Our games were played in the afternoon, so we usually had only a handful of spectators, but this particular school was located in an area that made it convenient for parents, mostly mothers, to attend. I can't remember who drove my mother to the game — she never had a driver's license — but she was there, sitting next to a mother from the other school.

My mother knew nothing about basketball. I'm not sure why she went to the game; perhaps my Aunt Sally drove her, because Sally's son, my cousin Tom Smolinski, may also have been on the team.

During the game, a foul was called on the boy who was guarding me. This prompted the Cherry Road mother to stand, point at me and scream that the official had made a bad call. My mother took this as a derogatory comment about her son. Suddenly, a loud argument erupted in the stands, and in the middle of that argument was my mother, who was certain her perfect Jackie couldn’t have done anything wrong.

It took awhile for my mother to get over the embarrassment, but for years afterward that incident was the source of many laughs.

BUT LIFE isn't all sports.
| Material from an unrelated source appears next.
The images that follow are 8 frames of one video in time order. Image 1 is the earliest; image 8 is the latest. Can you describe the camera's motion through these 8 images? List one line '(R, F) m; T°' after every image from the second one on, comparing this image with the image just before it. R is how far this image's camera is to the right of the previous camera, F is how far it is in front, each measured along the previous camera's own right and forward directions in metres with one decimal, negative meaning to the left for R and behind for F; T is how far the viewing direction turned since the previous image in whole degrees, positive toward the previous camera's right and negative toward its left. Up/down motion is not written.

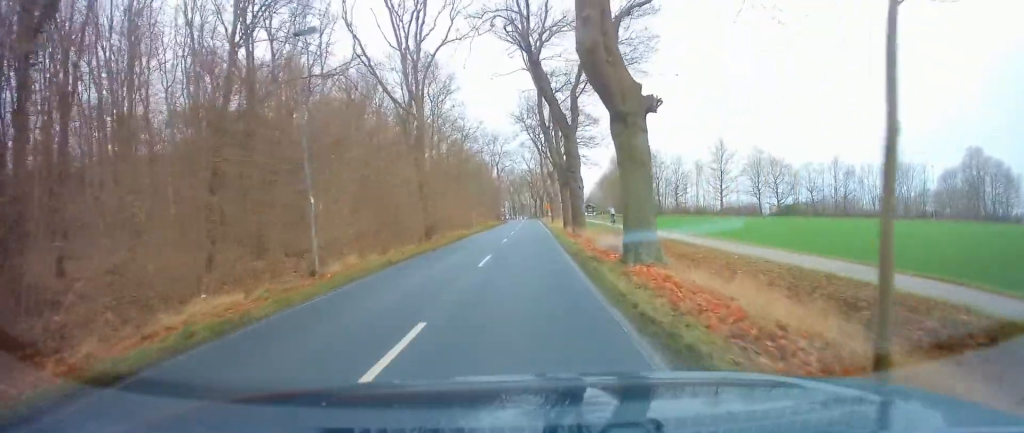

Some of those children in movies and TV shows are pouting because a parents can't attend a play or a concert or a spelling bee. Again, my take on this is quite the opposite because of my life experience, which includes taking piano lessons for five years, and performing in at least four recitals, which required my parents' attendance.

Playing in front of my parents wasn't an issue — like it or not, my mother was punished by my practicing every day, my father usually escaping because I practice before he'd come home from work. But playing in front of other parents rattled me. And it seemed the longer I took lessons, the worse I became. You could chart my regression by the recital programs. Each year my name and selection appeared earlier in the program than the year before, and the students who followed me were younger and younger. Finally, I convinced my mother to put a merciful end to her Frédéric Chopin experiment.

In high school, I joined friends in comedy skits for an annual variety show, but I don't recall parents being invited to attend. The certainly wasn't the case when my children went to school. From kindergarten through high school, every event that featured student performances was open to parents who were encouraged to attend. These events included annual concerts at the elementary school.

These concerts included students learning to play the violin via a method created by Japan's Shinichi Suzuki. I think he modeled his method after the Infinite Monkey Theorem; you know, an infinite number of monkeys given an infinite number of typewriters and an infinite amount of time eventually will produce all the works of Shakespeare.

As far as I could determine, Suzuki believed if a child ran a bow over the strings long enough, a song would emerge. But the result at my children' school was a few minutes of discordant noise. The program always had the young violinists playing four or five songs, all of them sounding like "Baa Baa Black Sheep."

And if my children wanted me there, I'm sure the only reason was the satisfaction of knowing the torture of another Suzuki performance was a shared experience.